The :py:class:`~pynwb.resources.HERD` (HDMF External Resources Data Structure) class lets you map
terms used in your data to entities defined in external, web-accessible resources such as
ontologies. For example, you may store a species name ``"Mus musculus"`` on a
:py:class:`~pynwb.file.Subject` and want to link it to the corresponding NCBI Taxonomy term so that
the value is standardized and easy to query.

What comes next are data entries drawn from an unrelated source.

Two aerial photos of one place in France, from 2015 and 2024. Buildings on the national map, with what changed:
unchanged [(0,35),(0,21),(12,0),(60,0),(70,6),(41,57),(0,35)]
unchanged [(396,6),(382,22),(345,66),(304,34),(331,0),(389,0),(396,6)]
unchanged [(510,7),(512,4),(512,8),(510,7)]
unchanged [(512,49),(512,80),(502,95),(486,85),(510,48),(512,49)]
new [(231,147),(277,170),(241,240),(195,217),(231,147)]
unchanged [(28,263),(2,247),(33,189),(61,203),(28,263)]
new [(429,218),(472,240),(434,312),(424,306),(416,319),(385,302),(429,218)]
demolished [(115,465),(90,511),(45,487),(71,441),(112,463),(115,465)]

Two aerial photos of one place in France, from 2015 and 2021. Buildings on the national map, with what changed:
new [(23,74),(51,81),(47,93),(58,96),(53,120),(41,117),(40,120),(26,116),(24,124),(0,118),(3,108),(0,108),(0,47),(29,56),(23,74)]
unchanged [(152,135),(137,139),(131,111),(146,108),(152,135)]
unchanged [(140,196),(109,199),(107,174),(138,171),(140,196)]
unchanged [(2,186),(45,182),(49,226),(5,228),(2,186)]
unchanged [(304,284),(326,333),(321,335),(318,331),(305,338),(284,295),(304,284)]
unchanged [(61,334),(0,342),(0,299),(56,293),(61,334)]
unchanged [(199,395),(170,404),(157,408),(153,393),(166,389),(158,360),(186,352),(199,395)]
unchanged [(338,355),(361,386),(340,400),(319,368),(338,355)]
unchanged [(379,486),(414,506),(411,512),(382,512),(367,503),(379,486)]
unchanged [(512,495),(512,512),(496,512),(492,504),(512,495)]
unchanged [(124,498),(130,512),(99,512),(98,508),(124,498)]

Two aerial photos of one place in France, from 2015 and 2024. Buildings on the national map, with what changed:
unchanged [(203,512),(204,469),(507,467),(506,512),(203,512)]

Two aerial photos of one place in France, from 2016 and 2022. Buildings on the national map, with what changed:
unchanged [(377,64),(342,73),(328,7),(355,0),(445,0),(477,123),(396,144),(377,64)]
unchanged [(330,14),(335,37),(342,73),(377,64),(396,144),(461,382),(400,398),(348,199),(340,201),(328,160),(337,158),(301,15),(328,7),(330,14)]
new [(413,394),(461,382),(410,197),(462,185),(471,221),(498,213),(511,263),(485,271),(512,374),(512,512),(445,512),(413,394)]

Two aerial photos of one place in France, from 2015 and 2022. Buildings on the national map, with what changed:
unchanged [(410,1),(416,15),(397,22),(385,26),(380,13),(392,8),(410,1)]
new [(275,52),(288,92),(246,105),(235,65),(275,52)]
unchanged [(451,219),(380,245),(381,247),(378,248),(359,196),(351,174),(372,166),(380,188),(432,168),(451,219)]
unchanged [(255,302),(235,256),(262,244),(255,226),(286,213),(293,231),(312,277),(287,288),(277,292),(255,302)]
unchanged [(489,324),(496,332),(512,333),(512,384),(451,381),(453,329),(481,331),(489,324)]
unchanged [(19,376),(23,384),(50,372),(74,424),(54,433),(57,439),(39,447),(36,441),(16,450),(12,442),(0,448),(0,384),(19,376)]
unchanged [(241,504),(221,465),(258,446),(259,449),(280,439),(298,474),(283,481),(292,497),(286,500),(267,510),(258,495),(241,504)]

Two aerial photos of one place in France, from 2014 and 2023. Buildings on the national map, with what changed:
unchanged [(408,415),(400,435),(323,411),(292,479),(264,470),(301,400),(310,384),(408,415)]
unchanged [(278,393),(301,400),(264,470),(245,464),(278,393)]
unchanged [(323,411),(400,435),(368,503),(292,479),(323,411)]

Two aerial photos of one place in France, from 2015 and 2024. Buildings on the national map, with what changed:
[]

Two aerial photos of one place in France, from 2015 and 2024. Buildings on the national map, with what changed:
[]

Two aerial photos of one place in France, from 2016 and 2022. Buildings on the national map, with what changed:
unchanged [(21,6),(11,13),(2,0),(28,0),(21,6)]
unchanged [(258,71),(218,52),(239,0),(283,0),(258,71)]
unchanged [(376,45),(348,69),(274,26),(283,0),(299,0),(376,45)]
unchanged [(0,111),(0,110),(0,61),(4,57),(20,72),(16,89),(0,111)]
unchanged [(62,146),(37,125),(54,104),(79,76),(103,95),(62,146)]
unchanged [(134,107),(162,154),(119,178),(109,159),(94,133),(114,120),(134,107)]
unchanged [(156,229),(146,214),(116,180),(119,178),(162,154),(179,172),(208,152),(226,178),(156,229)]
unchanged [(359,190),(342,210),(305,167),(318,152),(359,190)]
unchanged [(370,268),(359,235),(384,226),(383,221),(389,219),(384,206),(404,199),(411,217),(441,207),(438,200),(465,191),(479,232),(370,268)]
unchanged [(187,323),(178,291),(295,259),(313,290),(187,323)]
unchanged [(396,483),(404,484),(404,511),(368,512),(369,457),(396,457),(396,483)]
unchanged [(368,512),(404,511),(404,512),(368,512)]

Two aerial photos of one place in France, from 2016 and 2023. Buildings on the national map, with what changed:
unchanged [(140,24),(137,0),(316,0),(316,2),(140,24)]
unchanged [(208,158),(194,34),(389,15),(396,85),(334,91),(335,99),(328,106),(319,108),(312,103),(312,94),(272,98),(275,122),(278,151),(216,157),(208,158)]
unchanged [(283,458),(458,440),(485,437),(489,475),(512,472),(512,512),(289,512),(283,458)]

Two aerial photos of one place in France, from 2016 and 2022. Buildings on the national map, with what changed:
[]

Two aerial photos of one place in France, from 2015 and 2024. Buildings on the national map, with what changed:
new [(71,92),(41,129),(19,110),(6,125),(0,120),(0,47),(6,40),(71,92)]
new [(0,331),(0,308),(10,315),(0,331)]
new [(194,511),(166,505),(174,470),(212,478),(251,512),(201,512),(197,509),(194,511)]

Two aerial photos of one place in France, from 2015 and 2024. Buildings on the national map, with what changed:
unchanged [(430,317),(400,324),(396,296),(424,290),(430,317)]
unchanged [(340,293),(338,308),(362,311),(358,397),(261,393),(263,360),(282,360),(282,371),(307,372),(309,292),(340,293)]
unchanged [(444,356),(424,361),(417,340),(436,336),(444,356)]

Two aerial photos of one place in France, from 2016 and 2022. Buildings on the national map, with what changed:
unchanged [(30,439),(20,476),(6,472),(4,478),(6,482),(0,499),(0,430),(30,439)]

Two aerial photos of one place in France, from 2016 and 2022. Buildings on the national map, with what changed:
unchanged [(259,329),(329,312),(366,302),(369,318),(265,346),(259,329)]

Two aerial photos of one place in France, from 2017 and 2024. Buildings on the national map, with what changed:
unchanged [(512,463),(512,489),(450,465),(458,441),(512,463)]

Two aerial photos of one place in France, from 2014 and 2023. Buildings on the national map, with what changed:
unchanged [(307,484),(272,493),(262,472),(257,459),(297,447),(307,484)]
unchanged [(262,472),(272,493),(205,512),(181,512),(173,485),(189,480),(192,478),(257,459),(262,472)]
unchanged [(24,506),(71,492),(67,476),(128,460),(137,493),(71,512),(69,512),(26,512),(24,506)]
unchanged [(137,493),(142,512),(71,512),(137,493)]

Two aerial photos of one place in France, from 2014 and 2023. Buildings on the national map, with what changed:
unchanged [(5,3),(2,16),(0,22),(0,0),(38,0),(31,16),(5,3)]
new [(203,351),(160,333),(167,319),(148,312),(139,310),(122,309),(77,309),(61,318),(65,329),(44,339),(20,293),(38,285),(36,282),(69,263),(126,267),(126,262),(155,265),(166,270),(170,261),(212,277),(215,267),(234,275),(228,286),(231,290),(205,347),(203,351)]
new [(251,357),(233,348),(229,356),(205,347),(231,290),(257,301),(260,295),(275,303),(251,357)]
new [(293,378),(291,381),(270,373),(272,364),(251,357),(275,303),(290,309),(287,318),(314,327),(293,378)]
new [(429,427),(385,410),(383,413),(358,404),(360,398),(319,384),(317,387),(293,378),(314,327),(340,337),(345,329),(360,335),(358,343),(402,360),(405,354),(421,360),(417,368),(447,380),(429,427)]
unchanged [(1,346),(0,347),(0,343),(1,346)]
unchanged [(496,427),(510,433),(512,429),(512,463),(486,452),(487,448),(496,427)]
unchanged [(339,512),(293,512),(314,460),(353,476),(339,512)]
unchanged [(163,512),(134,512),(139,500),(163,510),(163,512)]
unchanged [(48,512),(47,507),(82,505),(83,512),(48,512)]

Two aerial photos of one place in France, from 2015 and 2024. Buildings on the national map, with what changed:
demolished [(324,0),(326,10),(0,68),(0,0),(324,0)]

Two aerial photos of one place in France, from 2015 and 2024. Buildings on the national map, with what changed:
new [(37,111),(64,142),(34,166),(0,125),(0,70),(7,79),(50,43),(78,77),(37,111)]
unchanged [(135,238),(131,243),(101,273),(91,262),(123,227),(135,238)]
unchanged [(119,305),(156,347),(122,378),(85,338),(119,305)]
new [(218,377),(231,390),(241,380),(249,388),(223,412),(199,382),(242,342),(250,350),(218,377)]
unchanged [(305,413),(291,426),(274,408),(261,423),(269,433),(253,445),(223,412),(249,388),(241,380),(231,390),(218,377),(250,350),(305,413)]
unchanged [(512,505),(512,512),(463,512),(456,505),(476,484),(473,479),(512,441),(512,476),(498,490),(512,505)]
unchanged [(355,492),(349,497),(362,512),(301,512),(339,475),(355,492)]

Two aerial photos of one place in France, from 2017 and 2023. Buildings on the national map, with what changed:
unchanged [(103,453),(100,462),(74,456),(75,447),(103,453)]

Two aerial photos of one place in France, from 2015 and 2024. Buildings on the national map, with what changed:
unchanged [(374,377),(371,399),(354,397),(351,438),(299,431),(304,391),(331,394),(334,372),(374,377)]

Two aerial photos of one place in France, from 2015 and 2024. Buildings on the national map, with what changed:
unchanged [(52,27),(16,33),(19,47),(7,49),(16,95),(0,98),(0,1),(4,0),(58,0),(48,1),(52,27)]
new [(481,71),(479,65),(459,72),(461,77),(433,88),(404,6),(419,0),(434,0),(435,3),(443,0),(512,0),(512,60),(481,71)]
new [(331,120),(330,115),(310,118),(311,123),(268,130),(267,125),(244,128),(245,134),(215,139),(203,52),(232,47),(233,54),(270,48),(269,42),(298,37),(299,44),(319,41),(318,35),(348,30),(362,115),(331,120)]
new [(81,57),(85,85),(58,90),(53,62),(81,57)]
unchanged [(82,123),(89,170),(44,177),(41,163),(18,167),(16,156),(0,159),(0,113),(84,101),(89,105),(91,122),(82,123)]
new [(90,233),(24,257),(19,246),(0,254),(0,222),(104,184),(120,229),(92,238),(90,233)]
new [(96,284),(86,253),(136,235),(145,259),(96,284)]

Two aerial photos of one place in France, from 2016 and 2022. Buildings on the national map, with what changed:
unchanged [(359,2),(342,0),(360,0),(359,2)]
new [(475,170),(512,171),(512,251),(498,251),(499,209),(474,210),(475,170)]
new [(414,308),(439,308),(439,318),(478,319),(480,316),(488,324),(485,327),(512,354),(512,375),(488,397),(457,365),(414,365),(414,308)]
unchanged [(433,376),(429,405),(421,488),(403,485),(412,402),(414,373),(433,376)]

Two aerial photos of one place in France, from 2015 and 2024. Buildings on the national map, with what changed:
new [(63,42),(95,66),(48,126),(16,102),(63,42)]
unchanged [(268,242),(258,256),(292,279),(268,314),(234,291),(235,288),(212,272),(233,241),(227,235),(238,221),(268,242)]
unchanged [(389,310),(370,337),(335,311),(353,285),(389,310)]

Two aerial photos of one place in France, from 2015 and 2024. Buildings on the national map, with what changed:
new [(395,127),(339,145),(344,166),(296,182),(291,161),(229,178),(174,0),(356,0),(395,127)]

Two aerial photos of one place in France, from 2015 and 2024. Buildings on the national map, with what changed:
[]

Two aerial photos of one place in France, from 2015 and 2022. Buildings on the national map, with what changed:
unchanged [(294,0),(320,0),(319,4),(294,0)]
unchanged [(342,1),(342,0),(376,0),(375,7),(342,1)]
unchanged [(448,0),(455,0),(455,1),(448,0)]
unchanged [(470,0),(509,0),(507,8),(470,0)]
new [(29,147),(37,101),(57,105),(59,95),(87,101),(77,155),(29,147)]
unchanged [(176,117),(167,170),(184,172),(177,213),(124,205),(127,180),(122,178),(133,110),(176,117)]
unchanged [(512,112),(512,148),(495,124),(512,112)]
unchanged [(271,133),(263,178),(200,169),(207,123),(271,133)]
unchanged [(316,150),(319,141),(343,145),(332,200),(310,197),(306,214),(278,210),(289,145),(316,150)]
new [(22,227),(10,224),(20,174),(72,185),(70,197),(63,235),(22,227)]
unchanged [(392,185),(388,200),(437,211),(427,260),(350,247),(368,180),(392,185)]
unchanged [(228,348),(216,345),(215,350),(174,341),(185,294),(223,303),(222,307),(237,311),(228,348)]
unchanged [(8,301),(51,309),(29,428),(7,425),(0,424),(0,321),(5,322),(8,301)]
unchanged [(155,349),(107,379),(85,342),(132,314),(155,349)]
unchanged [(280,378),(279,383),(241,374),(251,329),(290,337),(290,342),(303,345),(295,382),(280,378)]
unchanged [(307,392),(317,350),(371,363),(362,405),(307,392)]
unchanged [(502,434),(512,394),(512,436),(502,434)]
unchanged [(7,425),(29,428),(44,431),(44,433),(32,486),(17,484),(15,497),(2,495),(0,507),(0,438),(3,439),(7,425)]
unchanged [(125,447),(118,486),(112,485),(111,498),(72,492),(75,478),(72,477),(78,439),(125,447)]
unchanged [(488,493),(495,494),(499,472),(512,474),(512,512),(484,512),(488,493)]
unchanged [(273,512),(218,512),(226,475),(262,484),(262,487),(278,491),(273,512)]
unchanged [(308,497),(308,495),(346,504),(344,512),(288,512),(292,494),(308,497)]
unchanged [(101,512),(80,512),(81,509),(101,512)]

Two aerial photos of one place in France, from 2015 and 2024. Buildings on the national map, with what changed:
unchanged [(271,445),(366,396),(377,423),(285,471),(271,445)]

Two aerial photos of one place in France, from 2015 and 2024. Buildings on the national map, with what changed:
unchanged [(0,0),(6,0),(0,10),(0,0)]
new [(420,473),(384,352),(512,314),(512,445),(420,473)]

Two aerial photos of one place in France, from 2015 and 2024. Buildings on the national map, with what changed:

From a user's perspective, a HERD can be treated as a single table that associates a ``key`` (a term
used on an ``object``, i.e. a dataset or attribute in the file) with an ``entity`` (a term in an
external resource, identified by an ``entity_id`` and an ``entity_uri``). Internally, HERD stores
this in six interlinked tables (``keys``, ``files``, ``entities``, ``entity_keys``, ``objects``, and
``object_keys``) and provides convenience methods so you rarely need to interact with those tables
directly.

This tutorial shows how to create a HERD, annotate objects in an NWB file, store the HERD in the
file, and inspect the annotations after reading the file back. For the full HERD API (including
``add_ref_termset`` for validating terms against a :py:class:`~hdmf.term_set.TermSet`, ``get_key``,
and compound-data references), see the
`HDMF HERD tutorial <https://hdmf.readthedocs.io/en/stable/tutorials/plot_external_resources.html>`_.
"""

# sphinx_gallery_thumbnail_path = 'figures/gallery_thumbnails_external_resources.png'
from datetime import datetime
from uuid import uuid4

from dateutil.tz import tzlocal

from pynwb import NWBHDF5IO, NWBFile
from pynwb.file import Subject

###############################################################################
# Create an NWB file
# ------------------
# Start with an :py:class:`~pynwb.file.NWBFile` that has a :py:class:`~pynwb.file.Subject`. The
# subject's species is the value we will annotate with an external resource.

nwbfile = NWBFile(
    session_description="a demonstration of external resources",
    identifier=str(uuid4()),
    session_start_time=datetime(2018, 4, 25, 2, 30, 3, tzinfo=tzlocal()),
    subject=Subject(subject_id="001", species="Mus musculus"),
)

###############################################################################
# Get the file's HERD
# -------------------
# Use :py:meth:`~pynwb.file.NWBFile.get_external_resources` to get the file's
# :py:class:`~pynwb.resources.HERD`. A file has at most one HERD, so this returns the existing HERD if
# the file already has one (for example, when the file was read from disk) and creates and attaches a
# new empty HERD otherwise. The :py:attr:`~pynwb.file.NWBFile.external_resources` attribute returns
# the HERD without creating one, returning ``None`` when the file has no external resources.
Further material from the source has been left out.